Und jetzt schreien die schon früher innigsten Unterstützer der Homöopathie – die Nationalsozialisten:

ich schlage dem betreiber in die fresse

 

Der DZVhÄ wird eine Menge Erklärungsbedarf haben und einen neuen Vorsitzenden brauchen.

2 Responses to “Homöopathen besinnen sich auf alte Traditionen – Claus Fritzsche, Curt Kösters und die Nazis”

  1. … outet Stalker im Netz | Folia lib.

    [...] *** http://kidmed.org/1062/homoopathie/homoopathen-besinnen-sich-auf-alte-traditionen-claus-fritzsche-cu… [...]

  2. Renate Druschinski

    In http://www.dzvhae-archiv.de/portal/pics/abschnitte/080508114754_koesters_internet.pdf hat sich Curt Kösters in seiner Kurzbiografie wie folgt beschrieben.

    [quote]“Gelernt habe ich in verschiedener Weise von Martin Stübler, von Vithoulkas und
    etlichen seiner Schüler, einigen indischen Kollegen, von Klaus Henning Gypser und
    André Saine, und [b]am meisten immer noch aus den Schriften von Samuel
    Hahnemann[/b].

    Ansonsten: Als Mitherausgeber einer Internet-Debatte über die Grundlagen der
    Homöopathie erfolgreich angeeckt, [b]nebenbei noch einige Jahre in einem homöopathischen
    Entwicklungsprojekt in Nepal tätig gewesen[/b], derzeit zweiter Vorsitzender des DZVhÄ. Interessiert bin ich
    weiterhin an Überlegungen zu [b]homöopathischen Interventionen in sozialen Systemen[/b] und an der
    Konzeption einer Falldokumentation.”[quote]

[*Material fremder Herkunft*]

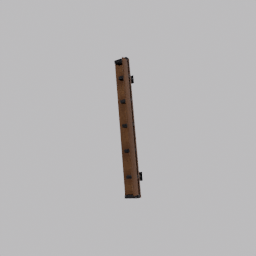
Label: furniture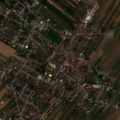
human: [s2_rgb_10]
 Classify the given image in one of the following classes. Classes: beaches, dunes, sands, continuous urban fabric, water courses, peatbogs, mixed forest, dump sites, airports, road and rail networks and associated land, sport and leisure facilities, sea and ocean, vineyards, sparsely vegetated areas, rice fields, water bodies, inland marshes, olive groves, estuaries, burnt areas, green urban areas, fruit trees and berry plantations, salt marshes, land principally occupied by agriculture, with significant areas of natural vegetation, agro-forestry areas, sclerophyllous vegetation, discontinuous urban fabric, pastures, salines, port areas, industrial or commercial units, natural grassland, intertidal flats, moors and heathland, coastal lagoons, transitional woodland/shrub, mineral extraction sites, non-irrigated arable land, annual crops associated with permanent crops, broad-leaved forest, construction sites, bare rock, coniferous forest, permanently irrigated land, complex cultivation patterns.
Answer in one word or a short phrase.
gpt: discontinuous urban fabric, vineyards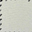
Piece: xx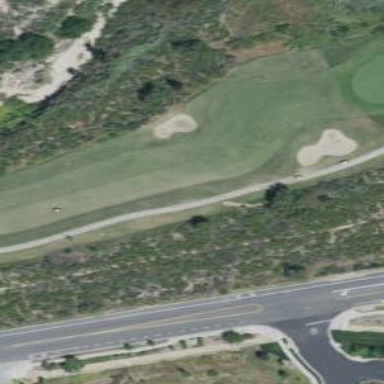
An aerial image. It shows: View of golf hole.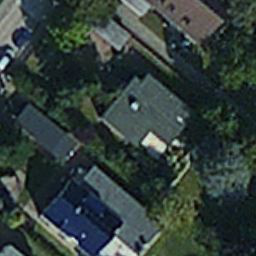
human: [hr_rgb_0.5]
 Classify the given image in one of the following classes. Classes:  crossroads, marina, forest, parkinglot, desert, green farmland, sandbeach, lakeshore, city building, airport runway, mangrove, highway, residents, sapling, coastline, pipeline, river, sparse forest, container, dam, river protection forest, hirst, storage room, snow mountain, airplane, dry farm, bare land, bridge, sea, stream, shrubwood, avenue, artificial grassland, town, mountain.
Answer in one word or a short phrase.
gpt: residents
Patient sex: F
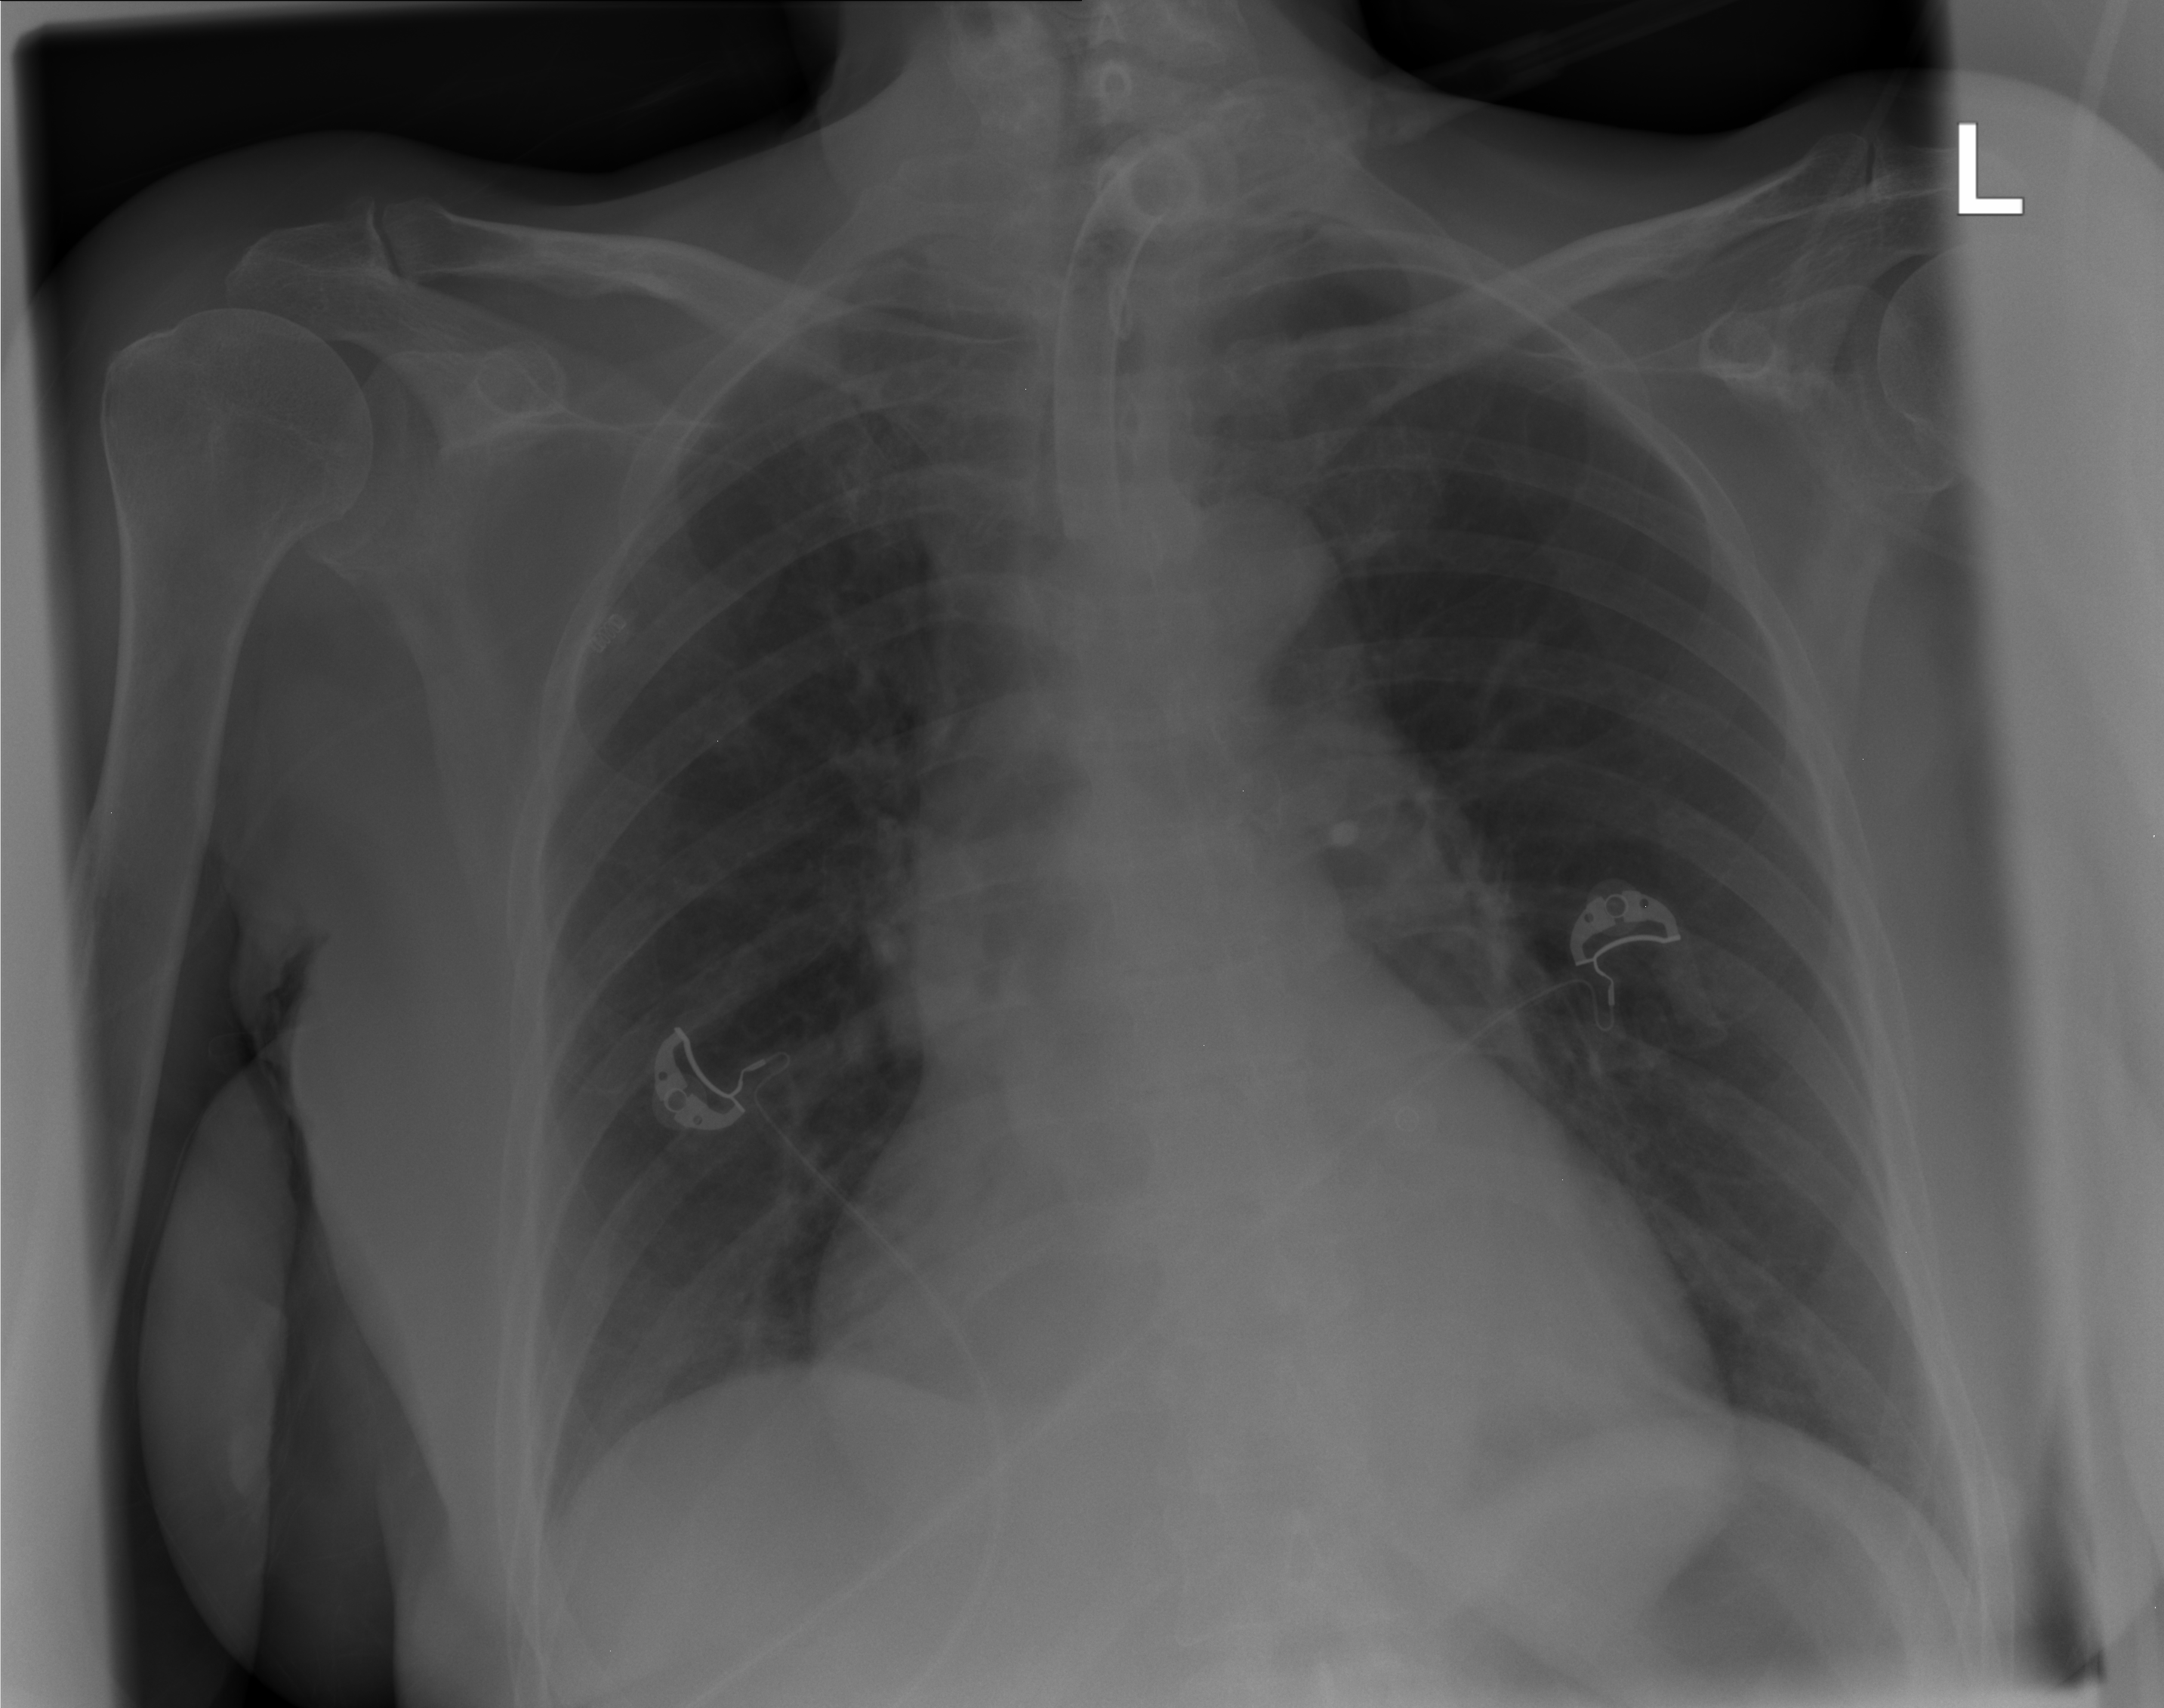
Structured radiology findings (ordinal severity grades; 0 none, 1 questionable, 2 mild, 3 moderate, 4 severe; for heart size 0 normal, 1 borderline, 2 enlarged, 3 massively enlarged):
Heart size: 2
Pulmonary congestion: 2
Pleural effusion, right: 0
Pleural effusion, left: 0
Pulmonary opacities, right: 0
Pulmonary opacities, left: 0
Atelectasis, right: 0
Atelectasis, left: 0

    Wer am meisten aus 200 Jahre alten Schriften lernt, ist ein unverbesserlicher Idiot.
    Wer mit diesem “Wissen” auch noch missionieren geht, am besten bei Leuten in fremden Ländern, die sich nicht wehren können, ist ein Scharlatan und Betrüger.
    Wer homöopathische Interventionen in sozialen Systemen für sinnvoll hält, kann sich ebensogut mit dem Phlogiston in sozialen Systemen befassen: reine Hochstapelei.

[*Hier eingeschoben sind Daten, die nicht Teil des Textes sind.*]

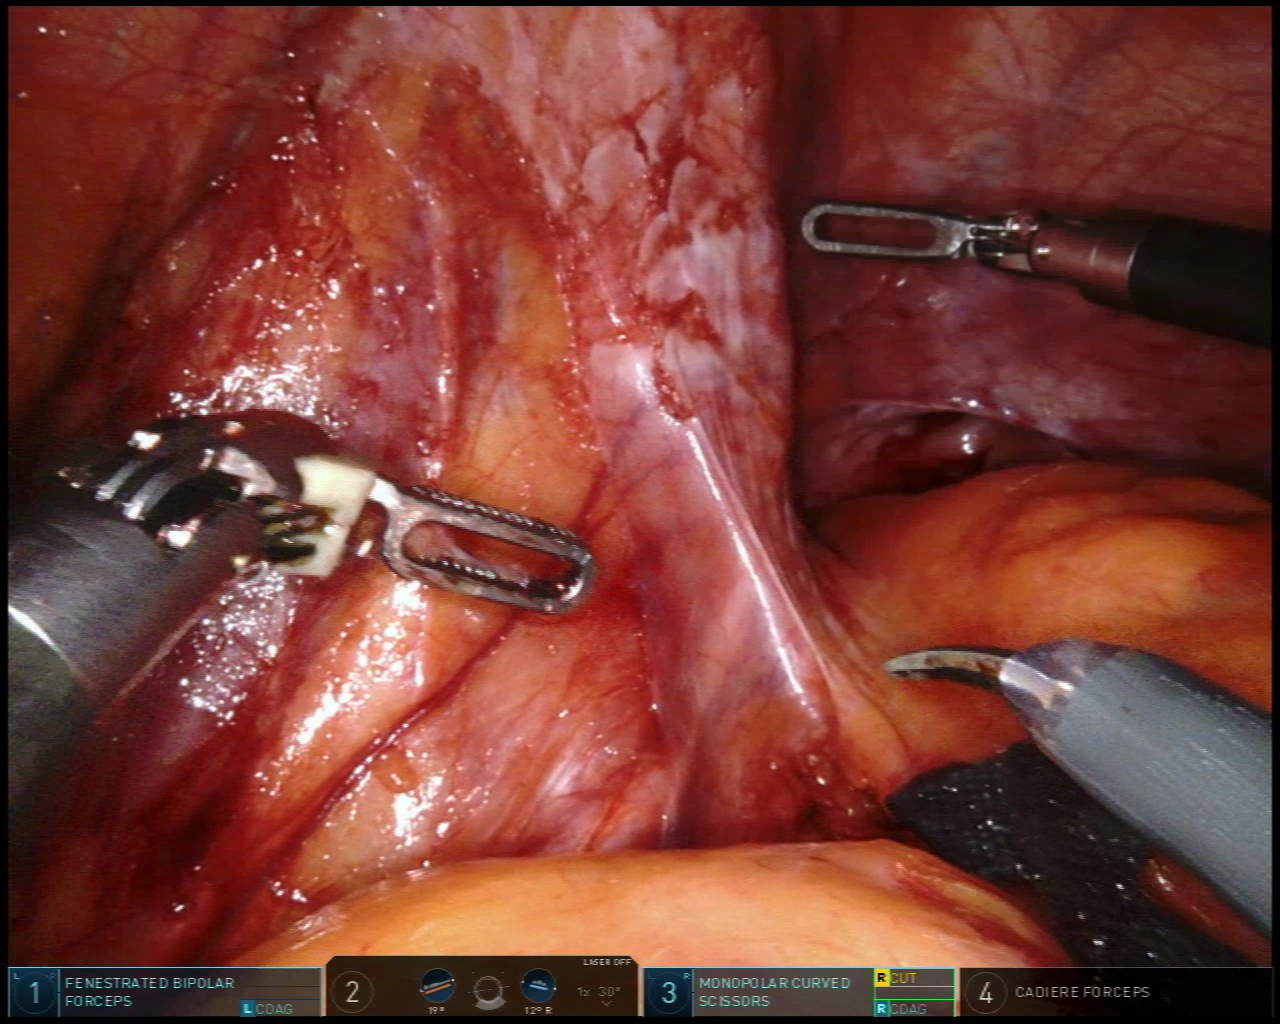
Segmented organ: ureter
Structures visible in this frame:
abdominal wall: yes
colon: no
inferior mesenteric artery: no
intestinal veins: no
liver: no
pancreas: no
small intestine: no
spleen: no
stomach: no
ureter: yes
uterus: no
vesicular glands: no

    Dass sich so jemand “Arzt” nennen darf, hat nichts mit medizinischem Pluralismus zu tun, sondern ist eine Schande.
    Welcher Patient kann noch Vertrauen in Ärzte haben, wenn er sich vor dem Praxisbesuch erst informieren muss, ob es sich um einen ideologisch verblendeten Idioten, Scharlatan, Betrüger und Hochstapler handelt?
    Der letzte Homöopath wollte mir meine Medikation gegen Bluthochdruck madig machen: wer weiß, wie viele dieser “Arzt” schon auf dem Gewissen hat!